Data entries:

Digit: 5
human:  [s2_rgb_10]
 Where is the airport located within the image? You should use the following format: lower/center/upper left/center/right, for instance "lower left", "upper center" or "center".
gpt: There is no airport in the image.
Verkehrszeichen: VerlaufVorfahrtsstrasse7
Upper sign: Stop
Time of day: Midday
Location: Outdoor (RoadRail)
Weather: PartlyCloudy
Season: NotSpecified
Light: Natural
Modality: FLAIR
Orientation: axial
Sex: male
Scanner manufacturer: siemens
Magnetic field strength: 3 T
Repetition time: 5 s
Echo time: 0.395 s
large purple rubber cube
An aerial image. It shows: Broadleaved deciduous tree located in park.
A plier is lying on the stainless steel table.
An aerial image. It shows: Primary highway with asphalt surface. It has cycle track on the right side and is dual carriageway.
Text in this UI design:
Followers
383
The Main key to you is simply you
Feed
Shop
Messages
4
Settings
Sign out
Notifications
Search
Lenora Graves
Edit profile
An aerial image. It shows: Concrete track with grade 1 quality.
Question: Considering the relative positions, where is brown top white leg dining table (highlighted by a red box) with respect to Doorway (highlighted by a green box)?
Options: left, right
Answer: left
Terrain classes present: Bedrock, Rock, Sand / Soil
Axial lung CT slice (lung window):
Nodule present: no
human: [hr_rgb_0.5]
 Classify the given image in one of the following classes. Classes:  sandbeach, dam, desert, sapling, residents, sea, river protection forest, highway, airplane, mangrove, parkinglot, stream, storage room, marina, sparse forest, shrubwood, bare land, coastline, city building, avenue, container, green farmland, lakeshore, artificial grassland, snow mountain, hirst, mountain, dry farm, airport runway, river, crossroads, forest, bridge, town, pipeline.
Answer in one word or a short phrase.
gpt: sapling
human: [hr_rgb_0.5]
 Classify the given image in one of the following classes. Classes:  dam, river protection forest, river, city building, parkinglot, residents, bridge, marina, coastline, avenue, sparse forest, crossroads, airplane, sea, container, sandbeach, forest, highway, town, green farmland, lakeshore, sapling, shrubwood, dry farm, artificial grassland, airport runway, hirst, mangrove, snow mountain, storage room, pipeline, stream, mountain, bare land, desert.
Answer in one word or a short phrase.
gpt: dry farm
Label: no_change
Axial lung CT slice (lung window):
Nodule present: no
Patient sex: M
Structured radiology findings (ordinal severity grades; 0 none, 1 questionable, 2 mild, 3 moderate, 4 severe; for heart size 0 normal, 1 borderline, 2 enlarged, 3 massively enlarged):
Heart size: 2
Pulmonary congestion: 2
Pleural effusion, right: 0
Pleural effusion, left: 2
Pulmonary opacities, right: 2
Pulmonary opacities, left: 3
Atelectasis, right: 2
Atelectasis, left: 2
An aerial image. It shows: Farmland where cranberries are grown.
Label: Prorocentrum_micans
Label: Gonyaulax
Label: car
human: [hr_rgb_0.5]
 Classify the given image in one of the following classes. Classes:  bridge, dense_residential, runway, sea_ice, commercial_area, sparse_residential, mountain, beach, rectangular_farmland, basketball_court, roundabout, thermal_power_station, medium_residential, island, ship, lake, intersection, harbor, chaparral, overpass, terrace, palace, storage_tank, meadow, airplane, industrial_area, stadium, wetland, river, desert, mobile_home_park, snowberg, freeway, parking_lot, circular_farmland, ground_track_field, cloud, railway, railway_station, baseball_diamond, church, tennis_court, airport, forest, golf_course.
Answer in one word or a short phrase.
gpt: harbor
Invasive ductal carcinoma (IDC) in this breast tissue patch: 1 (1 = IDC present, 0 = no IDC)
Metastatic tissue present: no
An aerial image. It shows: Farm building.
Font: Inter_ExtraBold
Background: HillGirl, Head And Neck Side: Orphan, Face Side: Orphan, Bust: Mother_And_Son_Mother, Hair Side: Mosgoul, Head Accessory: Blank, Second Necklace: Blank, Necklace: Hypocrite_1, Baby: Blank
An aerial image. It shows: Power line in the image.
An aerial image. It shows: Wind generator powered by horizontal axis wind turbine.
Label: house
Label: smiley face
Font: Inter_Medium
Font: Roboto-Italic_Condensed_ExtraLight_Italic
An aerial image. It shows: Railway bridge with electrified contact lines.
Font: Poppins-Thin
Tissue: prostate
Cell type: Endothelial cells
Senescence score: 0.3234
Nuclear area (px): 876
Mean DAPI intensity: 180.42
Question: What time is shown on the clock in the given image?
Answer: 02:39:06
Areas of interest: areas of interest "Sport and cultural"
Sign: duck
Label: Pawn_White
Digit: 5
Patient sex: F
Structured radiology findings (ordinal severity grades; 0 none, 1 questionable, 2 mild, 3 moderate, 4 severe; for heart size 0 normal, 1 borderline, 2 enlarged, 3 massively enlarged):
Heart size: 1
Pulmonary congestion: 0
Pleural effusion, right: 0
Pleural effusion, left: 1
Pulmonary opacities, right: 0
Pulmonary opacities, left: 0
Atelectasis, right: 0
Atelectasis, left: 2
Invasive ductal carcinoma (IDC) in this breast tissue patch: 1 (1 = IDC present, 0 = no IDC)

DIRECTIONS:
Report each line of the records that holds the word "Atelectasis".

WRITTEN RESPONSE:
Atelectasis, right: 2
Atelectasis, left: 2
Atelectasis, right: 0
Atelectasis, left: 2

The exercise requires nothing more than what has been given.